There was a cocktail article over the weekend in the Chronicle called "Bars looking for more niches in cocktail lists." If not a good article, it was at least well-intentioned. I'm not sure what point the piece was trying to make, as the topics discussed have been floating around for several years, at least.
Maybe it could have been a little more focused. For instance, if it was saying, "is it okay for bars like Heaven's Dog to not carry things like Coke or cranberry juice to satisfy their customers?"--that's a conversation worth having. Likewise, there was good, if familiar, stuff from Thad Vogler. His Bar Agricole, due sometime at the end of the year, is poised to make a big splash. But his list at Camino also made some noise with drinks that he and the owners wanted "to pay as much homage to the farm-to-table movement as the food." Consequently the "cocktails, which are nameless and described only by their ingredients, are made with seasonal produce and herbs." So you can't just go and ask for a Cosmo or a Corpse Reviver there--you have to order off the list. (Tip: if you're really jonesing for a margarita at Camino, don't ask for it by name, because it's probably not on the list. Just hope they have local limes in, and try asking for an "agave spirit, lime, and orange liqueur beverage" and they might respond favorably.)
By the way, I'm cool with bars not stocking Coke or cran, but when it comes to limes and lemons, I say, you gotta have it. Of course the more fresh, local ingredients you can use, the better. In fact, this is the best time to be doing it, as the farmers' markets are brimming with good stuff. However, there are limits of good taste when it comes to these ingredients. Take the zucchini.

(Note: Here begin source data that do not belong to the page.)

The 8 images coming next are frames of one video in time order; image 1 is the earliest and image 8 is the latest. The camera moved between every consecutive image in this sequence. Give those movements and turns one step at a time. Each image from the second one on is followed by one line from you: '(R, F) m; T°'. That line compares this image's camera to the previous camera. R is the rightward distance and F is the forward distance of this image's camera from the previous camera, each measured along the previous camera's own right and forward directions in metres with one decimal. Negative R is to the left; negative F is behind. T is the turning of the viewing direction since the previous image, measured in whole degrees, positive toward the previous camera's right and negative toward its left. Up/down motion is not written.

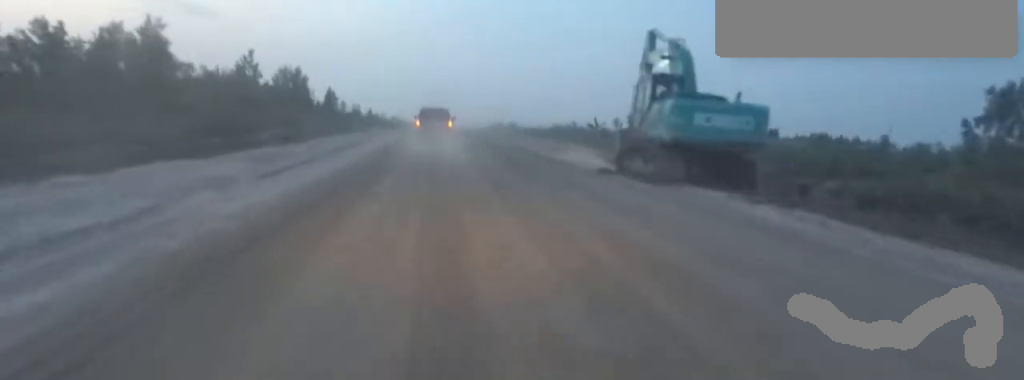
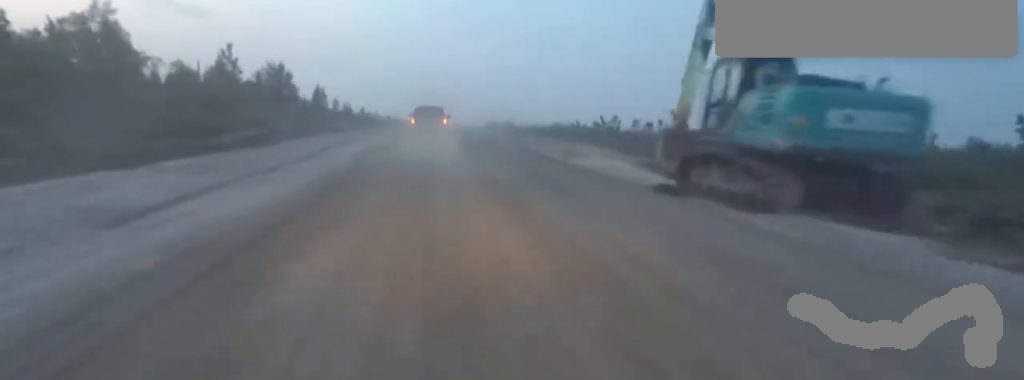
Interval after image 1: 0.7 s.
(+0.2, +6.7) m; +2°
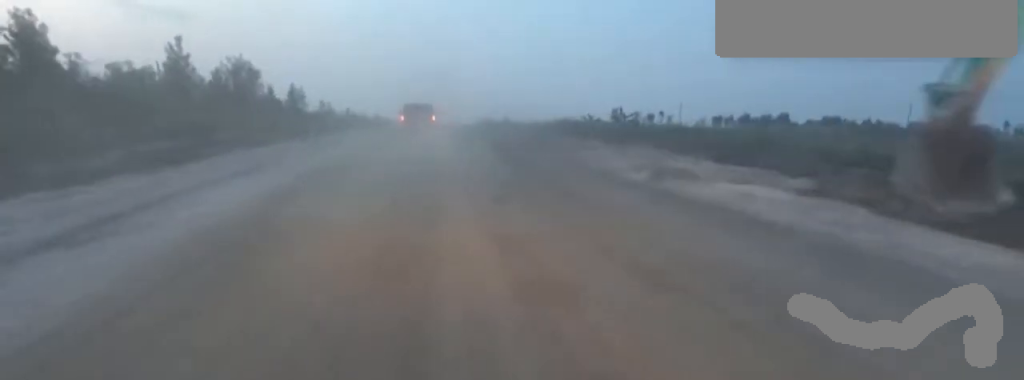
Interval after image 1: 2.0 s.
(-0.3, +14.1) m; -4°
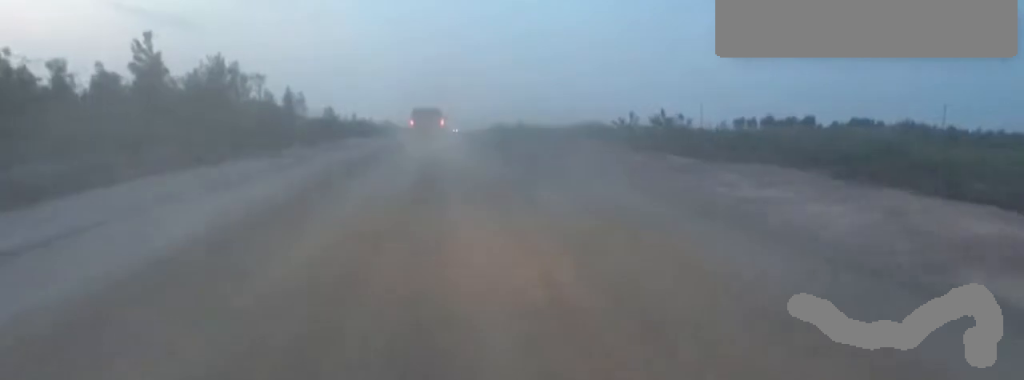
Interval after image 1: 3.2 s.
(-0.4, +13.0) m; +1°
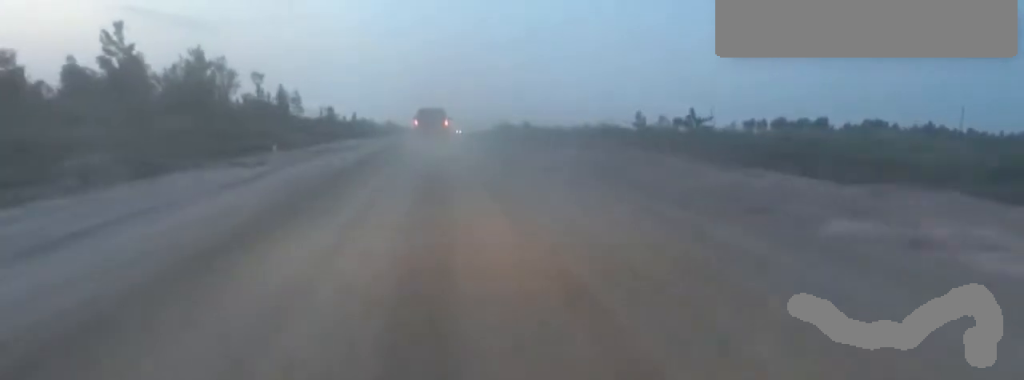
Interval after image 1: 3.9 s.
(+0.3, +8.5) m; -3°
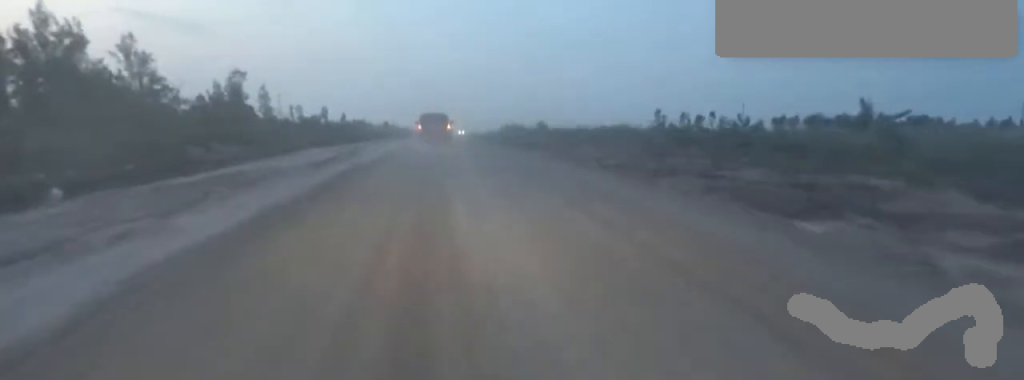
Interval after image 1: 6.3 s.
(-0.6, +14.3) m; +5°
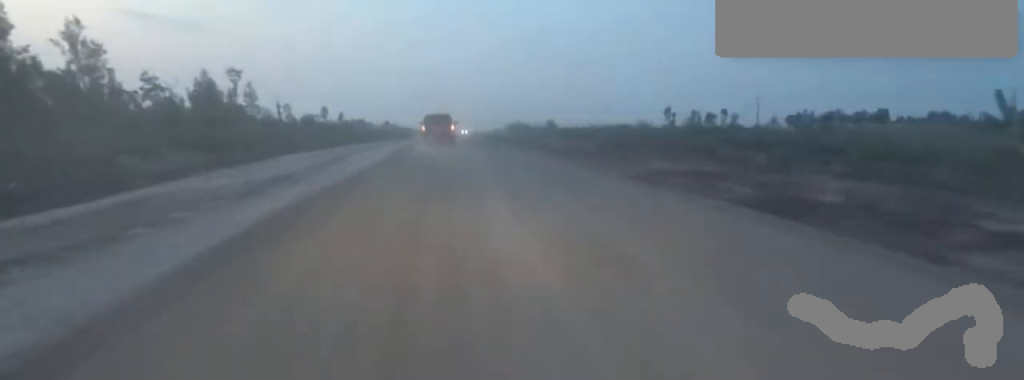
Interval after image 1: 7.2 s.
(+0.2, +9.9) m; +1°
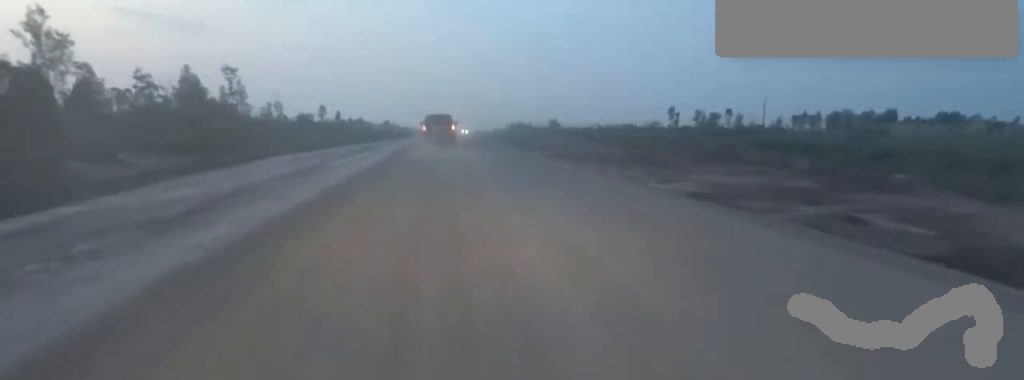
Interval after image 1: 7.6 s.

Zucchinis must be really easy to grow, because they've taken over practically every stall at the markets like pigeons on an old church. I can't say that zucchinis--ever bland and often mushy--do much for me as food. But as cocktails--even less. Thus, it was with a bit of a sour face that I tried out Food Network host Claire Robinson's (who?) recipe for the Zucchini Tini, which I found reprinted in the Seattle Times. Let's just say that "insipid" is too kind a word.
Let's just say that there's much better stuff at the markets to be working with right now. Just last night at Cantina, I was shaking with Frog Hollow peaches (with Pisco and basil) and Dirty Girl tomatoes (with Hendricks gin). Delicious.